Los grandes periodos de incertidumbre rara vez exigen una acción grandiosa. Lo más frecuente es que se superen a través de decenas de acciones bastante aburridas.

Una llamada. Un documento. Una reunión. Una factura pagada.

Y otra más mañana.

8. Para actuar no se requiere total certeza

A menudo imaginamos la acción así: primero desaparece el miedo, después surge la confianza y solo entonces la persona sale alegremente de casa hacia una nueva vida.

En la práctica, el orden suele ser inverso.

Primero haces algo con las manos temblorosas. Luego descubres que el cielo no se ha caído. A continuación, das el siguiente paso. Y solo al cabo de un tiempo surge la sensación: «Parece que de verdad puedo con esto».

La confianza suele llegar no antes de la experiencia, sino después de ella.

Por eso, la pregunta «¿Estoy preparado?» a veces es útil cambiarla por otra: «¿Qué acción soy capaz de realizar, incluso si todavía no me siento listo?»

9 creencias que ayudan a mantener la calma

9. La vida ajena también sigue siendo responsabilidad ajena

Hay personas a las que les cuesta especialmente mantener la calma por un motivo: intentan vivir simultáneamente varias vidas ajenas.
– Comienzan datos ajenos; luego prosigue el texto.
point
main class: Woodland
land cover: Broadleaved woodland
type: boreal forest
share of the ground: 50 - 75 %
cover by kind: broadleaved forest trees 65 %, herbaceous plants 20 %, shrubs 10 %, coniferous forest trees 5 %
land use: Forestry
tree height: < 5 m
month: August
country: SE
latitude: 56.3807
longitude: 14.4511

Ayudar a un amigo. Salvar a un pariente. Resolver el conflicto de un compañero. Convencer a un adulto de que no cometa otra tontería. Comprobar si ha comido, si ha llamado al médico y si por fin ha hecho eso de lo que llevas hablando tres meses seguidos.

El cuidado se convierte poco a poco en una centralita de emergencias veinticuatro horas.

Apoyar a los seres queridos se puede. Suplantar su responsabilidad, no.

A veces, una frase bastante honesta suena así: «Te quiero y estoy dispuesto a ayudar aquí. El resto tendrás que resolverlo tú mismo».

Al principio, estas palabras pueden resultar incosteables. Especialmente si estás acostumbrado a ser la persona que rescata a todos. Pero los límites personales no son para la frialdad. Permiten no quemarse por completo y conservar fuerzas para aquellos casos en los que la ayuda realmente sea necesaria.

La calma no es la ausencia de problemas

Existe la tentación de imaginar a una persona calmada como una especie de Buda de piedra que reacciona con la misma serenidad ante unas llaves perdidas, un despido y el mensaje «tenemos que hablar».

En realidad, la calma tiene un aspecto bastante menos efectista.

Puedes estar nervioso y, aun así, ocuparte de tus asuntos. Tener miedo y llamar. No saber la respuesta y seguir buscando. Cansarte y posponer parte de las tareas. Pedir ayuda. Rechazar la responsabilidad ajena. Cambiar de decisión si han aparecido nuevos hechos.

Y lo principal: no exigirte poner en orden toda tu vida de inmediato.

Cuando el suelo bajo tus pies parezca inestable, intenta hacerte tres preguntas sencillas: qué está pasando en realidad, en qué puedo influir hoy y cuál es el próximo paso lo suficientemente pequeño como para darlo sin heroísmo.

A veces esto es poco para resolver todo el problema.

Pero es más que suficiente para la mañana siguiente.